Robert Boyer, an assistant professor of geography at UNC-Charlotte, explains that in many cities we are dealing with the inheritance of past generations' use of economic segregation to stratify neighborhoods:
Racial segregation, of course, is no accident. It was imposed upon cities through a mix of policies and business practices, decades after slavery was outlawed by the constitution [...] Redlining is discriminatory lending. It designated different neighborhoods as relatively good or bad investments. Neighborhoods with white, western European inhabitants got the "A" designation. Black, Latino, Jewish, and Eastern European neighborhoods received lower designations. Of course, if a neighborhood cannot secure financial capital (including mortgages and home improvement loans), it begins to deteriorate physically and socially. Those who can afford to move do so, and take with them social and financial capital. What remains is poverty that is very hard to escape. With some exceptions (e.g. "gentrified" neighborhoods) the mark of redlining remains.
(Visit Boyer's blog to see a map comparison between the Cooper map and an old redlining map of Charlotte).
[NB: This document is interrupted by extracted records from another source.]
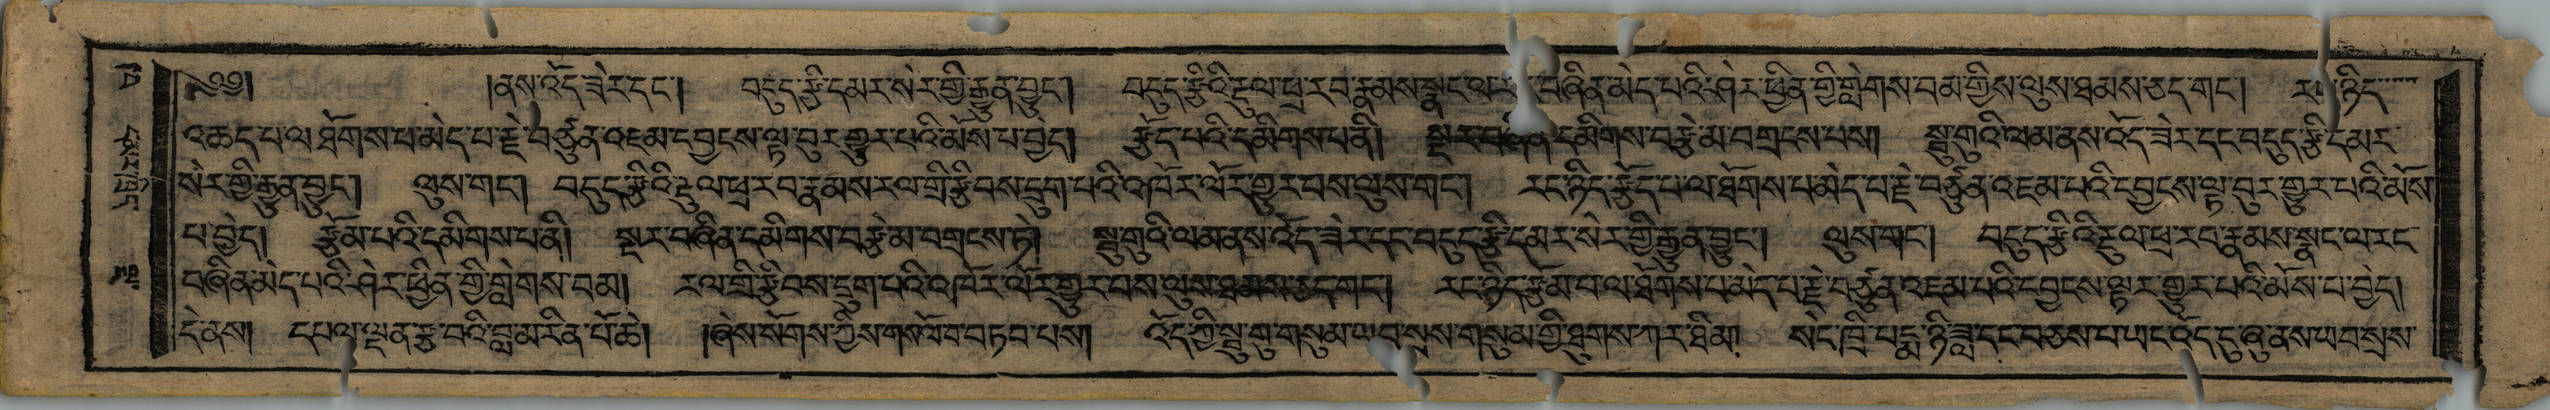༄༅། །ནས་འོད་ཟེར་དང་། བདུད་རྩི་དམར་སེར་གྱི་རྒྱུན་བྱུང་། བདུད་རྩིའི་རྡུལ་ཕྲ་རབ་རྣམས་སྣང་ལ་རང་བཞིན་མེད་པའི་ཤེར་ཕྱིན་གྱི་གླེགས་བམ་གྱིས་ལུས་ཐམས་ཅད་གང་། རང་ཉིད་
འཆད་བ་ལ་ཐོགས་པ་མེད་པ་རྗེ་བཙུན་འཇམ་དབྱངས་ལྟ་བུར་གྱུར་པའི་མོས་པ་བྱེད། རྩོད་པའི་དམིགས་པ་ནི། སྔར་བཞིན་དམིགས་བརྩེ་མ་བགྲངས་པས། སྤུ་གུའི་ལམ་ནས་འོད་ཟེར་དང་བདུད་རྩི་དམར་
སེར་གྱི་རྒྱུན་བྱུང་། ལུས་གང་། བདུད་རྩིའི་རྡུལ་ཕྲ་རབ་རྣམས་རལ་གྲི་རྩིབས་དྲུག་པའི་འཁོར་ལོར་གྱུར་པས་ལུས་གང་། རང་ཉིད་རྩོད་པ་ལ་ཐོགས་པ་མེད་པ་རྗེ་བཙུན་འཇམ་པའི་དབྱངས་ལྟ་བུར་གྱུར་བའི་མོས་
པ་བྱེད། རྩོམ་པའི་དམིགས་པ་ནི། སྔར་བཞིན་དམིགས་བརྩེ་མ་བགྲངས་ཏེ། སྤུ་གུའི་ལམ་ནས་འོད་ཟེར་དང་བདུད་རྩི་དམར་སེར་གྱི་རྒྱུན་བྱུང་། ལུས་གང་། བདུད་རྩིའི་རྡུལ་ཕྲ་རབ་རྣམས་སྣང་ལ་རང་
བཞིན་མེད་པའི་ཤེར་ཕྱིན་གྱི་གླེགས་བམ། རལ་གྲི་རྩིབས་དྲུག་པའི་འཁོར་ལོར་གྱུར་པས་ལུས་ཐམས་ཅད་གང་། རང་ཉིད་རྩོམ་པ་ལ་ཐོགས་པ་མེད་པ་རྗེ་བཙུན་འཇམ་པའི་དབྱངས་ལྟར་གྱུར་པའི་མོས་བ་བྱེད།
དེ་ནས། དཔལ་ལྡན་རྩ་བའི་བླ་མ་རིན་པོ་ཆེ། །ཞེས་སོགས་ཀྱིས་གསོལ་བ་བཏབ་པས། འོད་ཀྱི་སྤུ་གུ་གསུམ་ཡབ་སྲས་གསུམ་གྱི་ཐུགས་ཀར་ཐིམ། སེང་ཁྲི་པདམ་ཉི་ཟླ་དང་བཅས་པ་ཡང་འོད་དུ་ཞུ་ནས་ཡང་སྲས་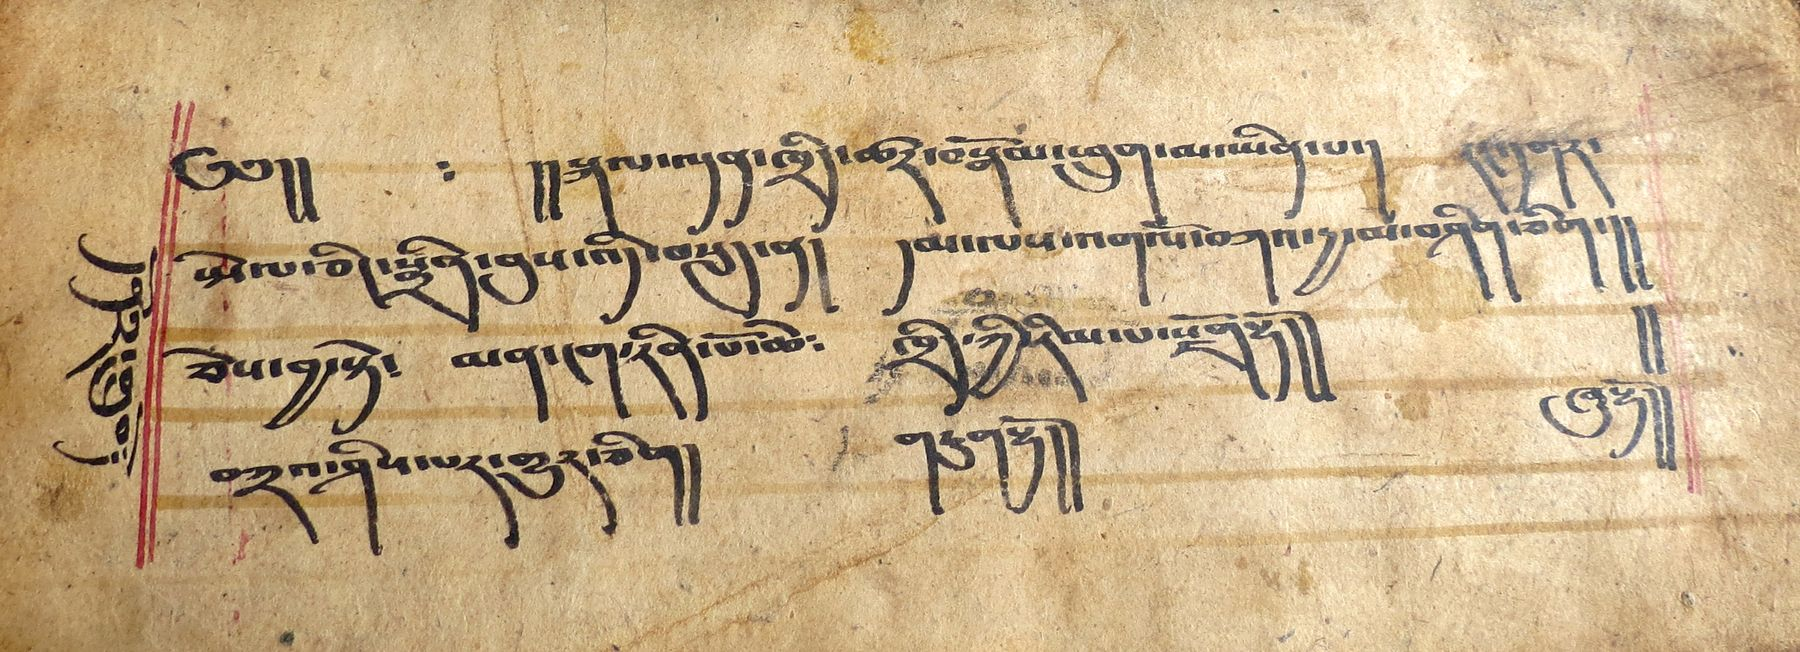སྐལ་ལྡན་ཁྲིད་ཚར་བསྒོམ་ཕྲུག་མ་ཡིན་པས། རང་དགར་
སྤེལ་ཅིང་སྤྲིན་བུས་འདི་བསླད་ན། དམ་པ་འགལ་ལོ་བཀའ་རྒྱ་མ་བཤིགས་ཅིག 
ཅེས་བྱ་སྟེ། མན་ངག་རིན་པོ་ཆེ་ཁྲིད་ཀྱི་རིམ་པ་རྫོགས་སོ། ། ། ། དགེའོ། 
བཀྲ་ཤིས་པར་གྱུར་ཅིག ། གཏུགས་སོ། ། ཞུས་སོ། །

Our understanding of neighborhoods different from ours usually relies on traditional attitudes or secondhand knowledge. We’re also prone to extrapolating our loose data onto other cities without keeping in mind their unique methods of expansion, the limitations set on them by geography, and an uneven history of immigration or economic advancement by minorities. There is a little bit of hometown bias as well, whenever we superimpose our knowledge of the ways our home operates onto other places. (That hometown bias skews the map’s default position, as well. If you hit zoom without shifting the screen at the start, you’ll land in Charlottesville, home of the University of Virginia and the Webb Cooper Center).
What’s great about this map is that it is the first to provide us with pinpoint accuracy. While density maps have existed before, they were limited to Census tracts and averaged populations out evenly within those tracts. This map is Frame One in a slideshow that will shed light on our segregation’s trajectory throughout the future. It’s fitting, then, that it was captures a time when immigration from places like the Middle East, India and Pakistan reach a tipping point from early adopters to newly established Southerners.
The map (and others that will inevitably improve on it) will provide the baseline for future generations of to track and identify patterns more closely, giving race more flexibility as a characteristic. So in ten years from now we will be able to see now races continue to cluster in our New South. We’ll see whether Atlanta will shed its cultural density as its economic growth starts to slow, or if the “white teapot”--New Orleans majority white central areas that revitalized faster due to less damage from Katrina--will continue to push outward or just gain density. We’ll see if Nashville follows through on its potential for becoming an alternate choice for highly-educated immigrants on a large scale. And the changing dynamic way out in the blank, colorless spaces of the map will become apparent as long-term growth becomes less likely in small, rural areas while mid-tier cities gain new citizens. While our emotional responses to race may never be fully diluted by accurate information, if we can provoke curiosity about each point on that map and why they live where they do, we can temper the tendency to color in the lines with common knowledge.